Yet, there are 10,000-61,000 deaths each year in the US alone attributed to the flu.  So, even WITH a vaccine, for flu there are a number of deaths.  How many deaths from flu would there need to be before that is what the headlines are about and we are warned not to go to school, work, or church because of the flu?

The following is my understanding; I am not a doctor or epidemiologist:

Several differences between the flu and Covid-19 are important - crucial, actually.

1. The flu contagious-wihout-symptoms period is much shorter. It is generally 2 days. Covid-19 can be 14 days and some estimates say up to 3 weeks. So one person, one point-of-contact (without quarantining) can interact with many more transmission points in two weeks than in two days. 

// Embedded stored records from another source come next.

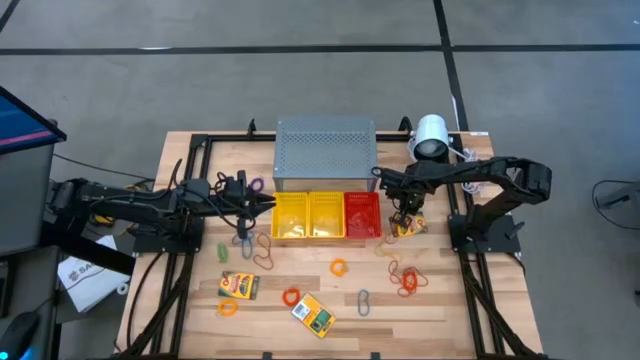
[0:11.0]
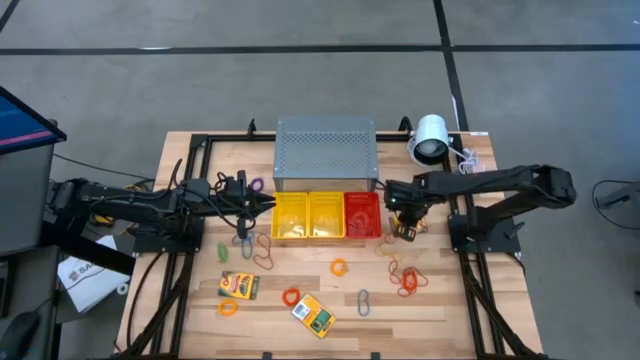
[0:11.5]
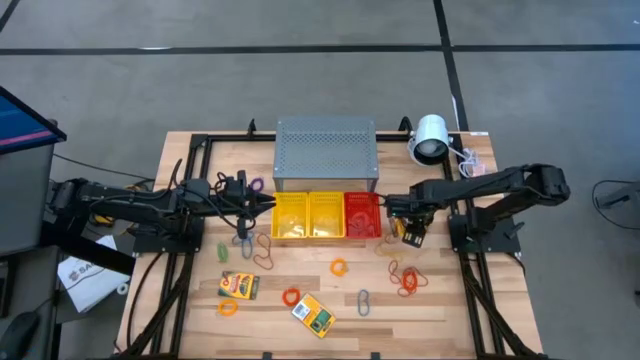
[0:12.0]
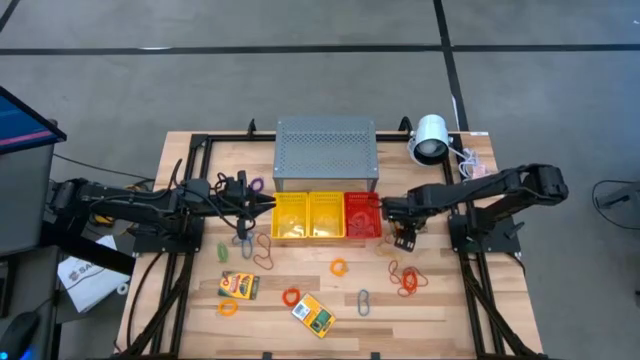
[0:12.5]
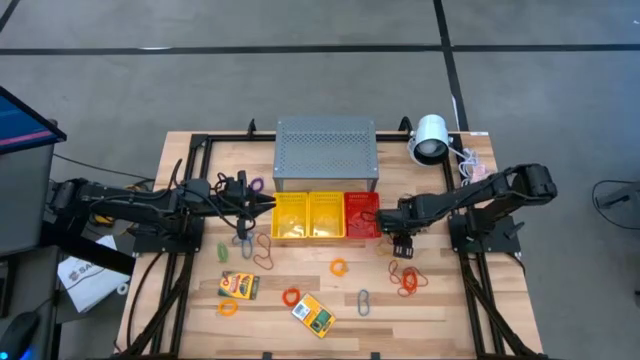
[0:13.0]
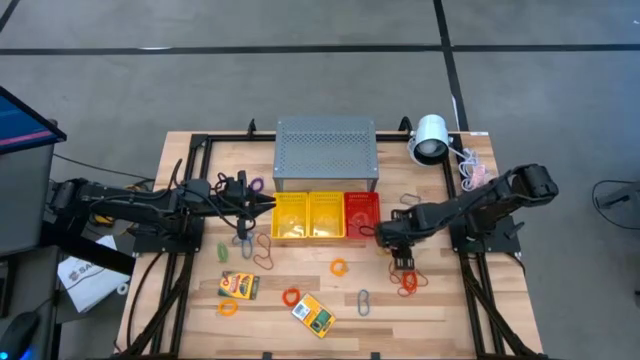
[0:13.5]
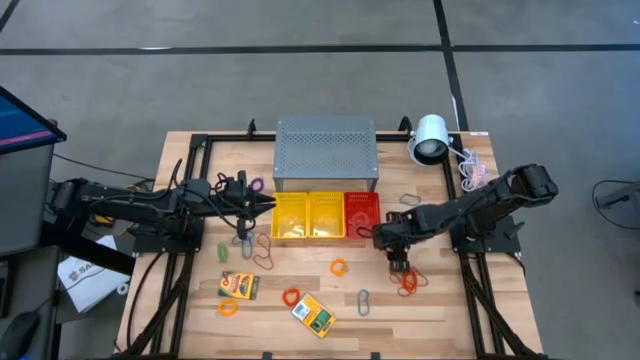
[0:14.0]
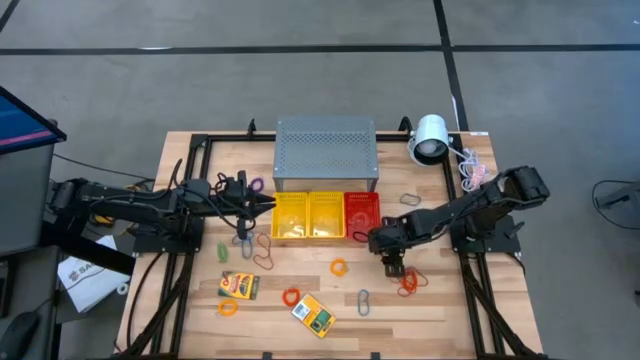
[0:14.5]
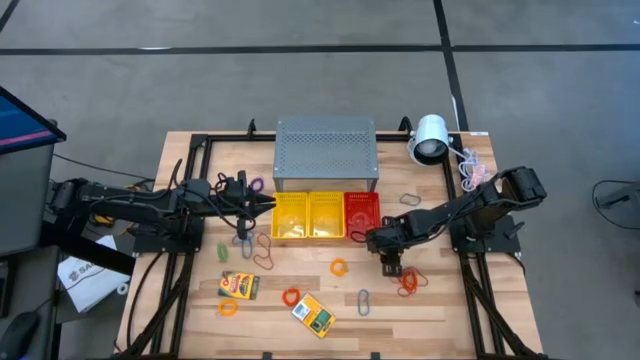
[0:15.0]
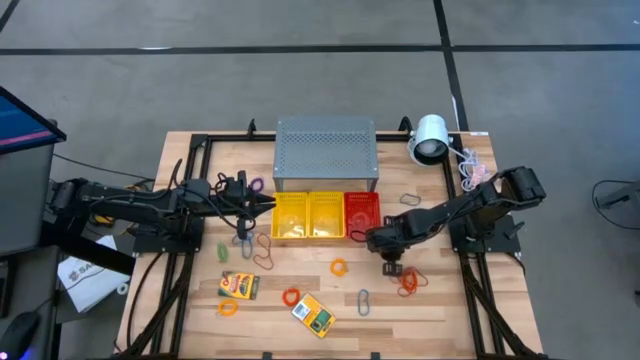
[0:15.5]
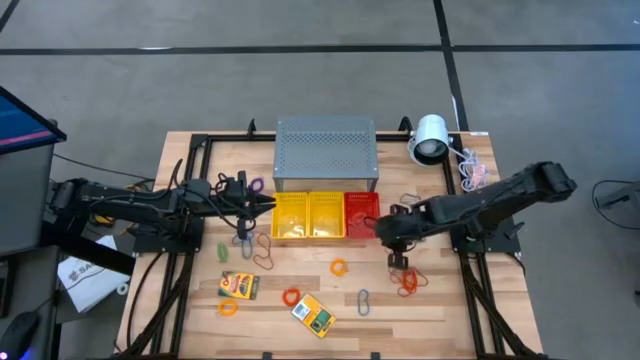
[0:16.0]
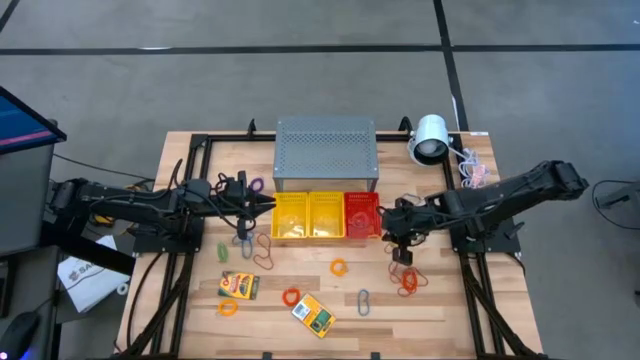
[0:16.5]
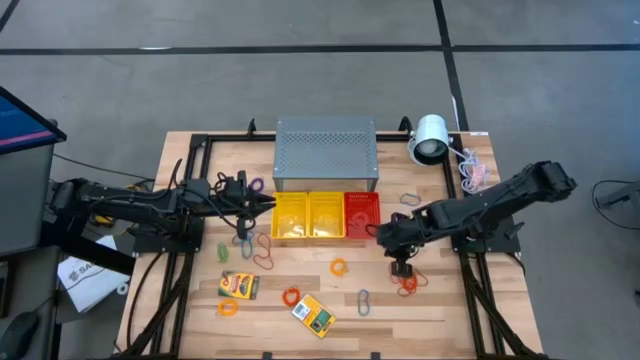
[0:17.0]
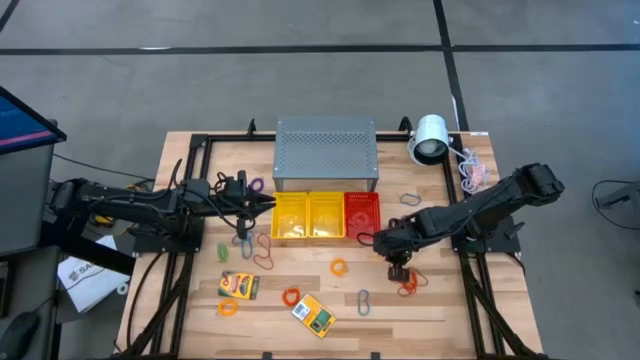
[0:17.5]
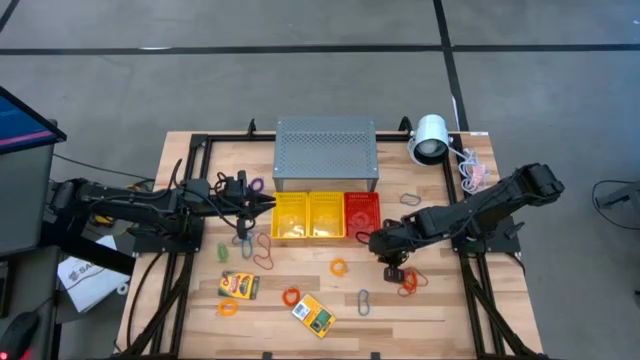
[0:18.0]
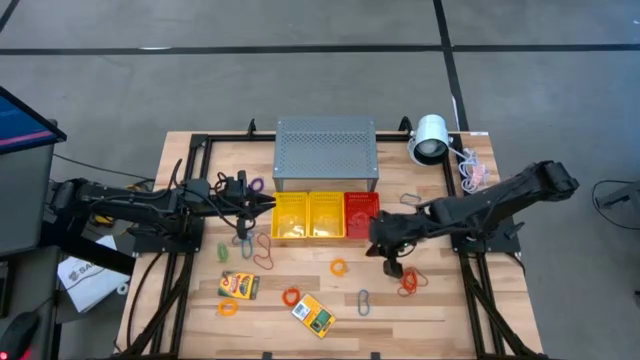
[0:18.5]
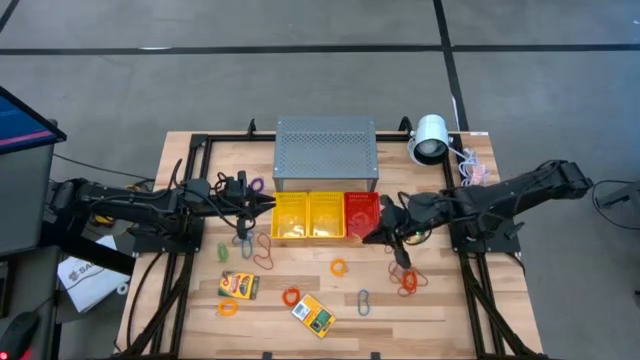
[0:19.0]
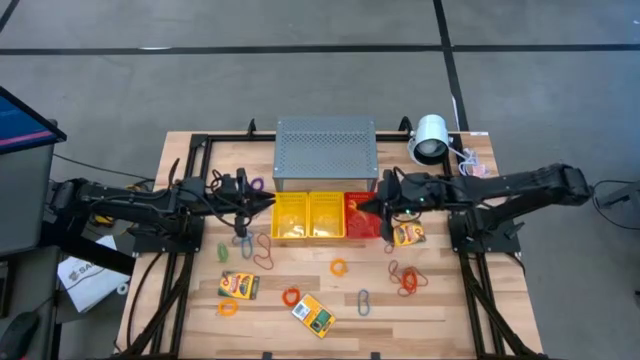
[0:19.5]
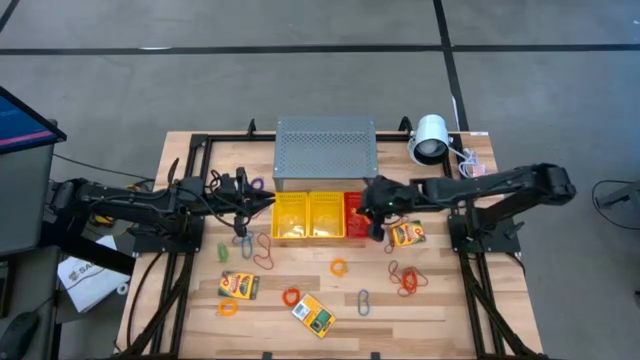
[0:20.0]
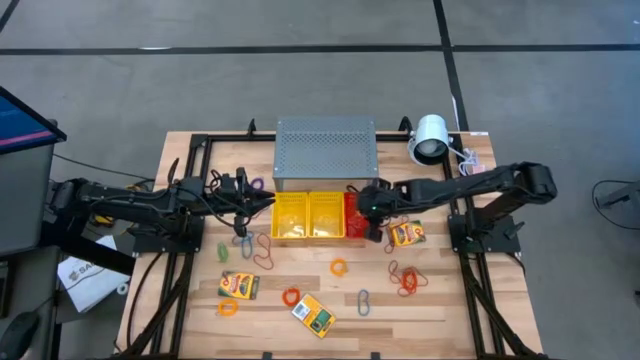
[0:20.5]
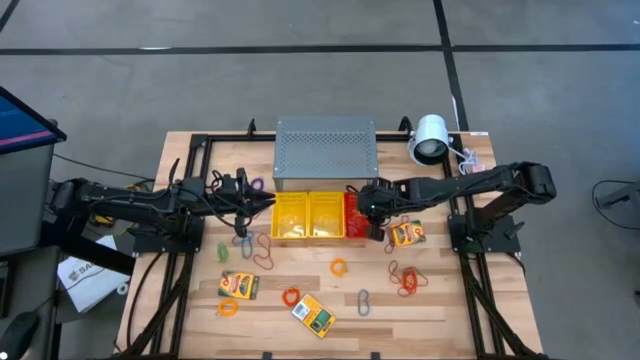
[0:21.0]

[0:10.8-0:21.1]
Task: Pick & Place Office Desk Supplies
Put the yellow rubber band into the red bin

2. Most people who get the flu have no doubt they are sick within a couple of days and so they stay home. But with Covid, you could *think* you are not sick at all, are feeling your spring allergies coming on, or have a seasonal cold. And that’s potentially after two weeks of walking around contaminating surfaces and infecting people. 

3. As a novel virus, nobody has antibodies built up against it (except perhaps people who have already recovered or possibly some who interact with patients). Most of the population worldwide has no natural or vaccine-induced immunity to Covid-19 because it is new, but this is not true for the flu. These factors make it highly transmissible. 

4. When we do have a vaccine for C19, we will no longer need such drastic social distancing measures because the transmissibility rates will fall precipitously once millions of people have been vaccinated worldwide. BUT, mark my words, there will still be cases, probably in the thousands, every year in the future because many people will philosophically or for other reasons (which may or may not be legitimate) refuse to get a Covid-19 vaccine. 

I’m sure there is more information on this subject but those are the main differences, as I understand them, between the flu and Covid-19.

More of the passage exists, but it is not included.